▸ **Problem requirements**: Pictures in the data below are not part of the copy; transcribe everything else exactly.

*** Collected material Section Begins ***

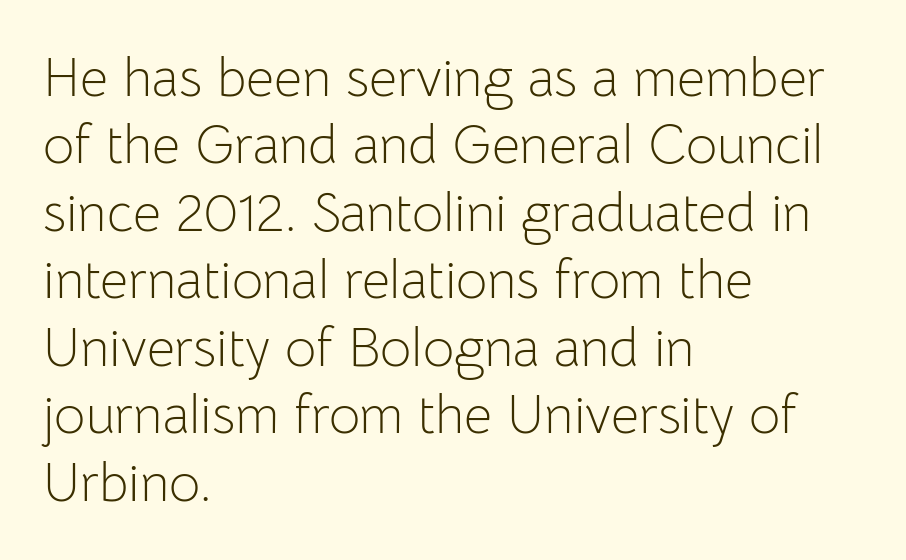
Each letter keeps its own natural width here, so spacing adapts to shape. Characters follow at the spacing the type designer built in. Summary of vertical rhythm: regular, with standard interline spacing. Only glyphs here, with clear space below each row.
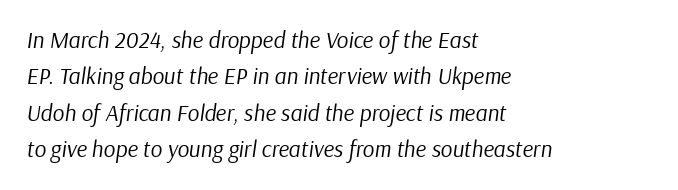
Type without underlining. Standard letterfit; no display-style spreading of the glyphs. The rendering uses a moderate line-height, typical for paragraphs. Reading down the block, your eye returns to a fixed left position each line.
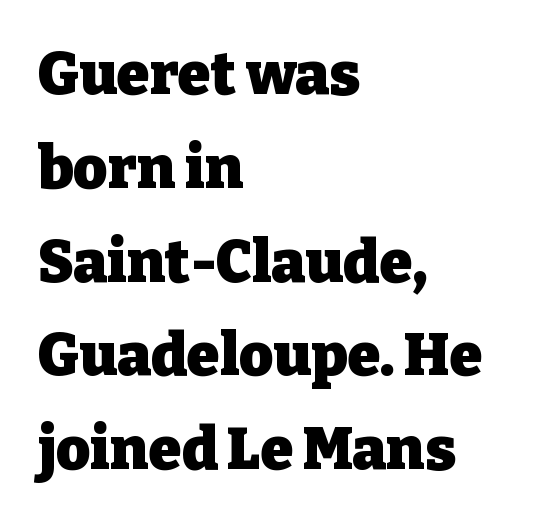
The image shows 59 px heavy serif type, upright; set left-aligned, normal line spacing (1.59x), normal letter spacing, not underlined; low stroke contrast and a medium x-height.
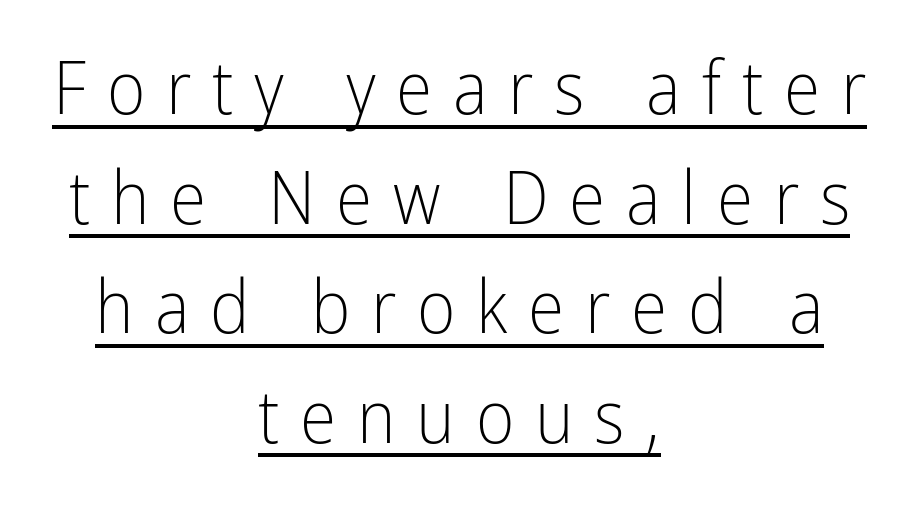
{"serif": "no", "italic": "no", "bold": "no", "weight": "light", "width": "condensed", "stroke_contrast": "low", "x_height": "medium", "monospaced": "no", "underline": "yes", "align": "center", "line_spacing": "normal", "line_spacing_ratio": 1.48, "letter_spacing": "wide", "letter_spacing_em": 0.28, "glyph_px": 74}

*** Collected material Section Ends ***

▸ **Output of the task**:
Each letter keeps its own natural width here, so spacing adapts to shape. Characters follow at the spacing the type designer built in. Summary of vertical rhythm: regular, with standard interline spacing. Only glyphs here, with clear space below each row.
Type without underlining. Standard letterfit; no display-style spreading of the glyphs. The rendering uses a moderate line-height, typical for paragraphs. Reading down the block, your eye returns to a fixed left position each line.
The image shows 59 px heavy serif type, upright; set left-aligned, normal line spacing (1.59x), normal letter spacing, not underlined; low stroke contrast and a medium x-height.
{"serif": "no", "italic": "no", "bold": "no", "weight": "light", "width": "condensed", "stroke_contrast": "low", "x_height": "medium", "monospaced": "no", "underline": "yes", "align": "center", "line_spacing": "normal", "line_spacing_ratio": 1.48, "letter_spacing": "wide", "letter_spacing_em": 0.28, "glyph_px": 74}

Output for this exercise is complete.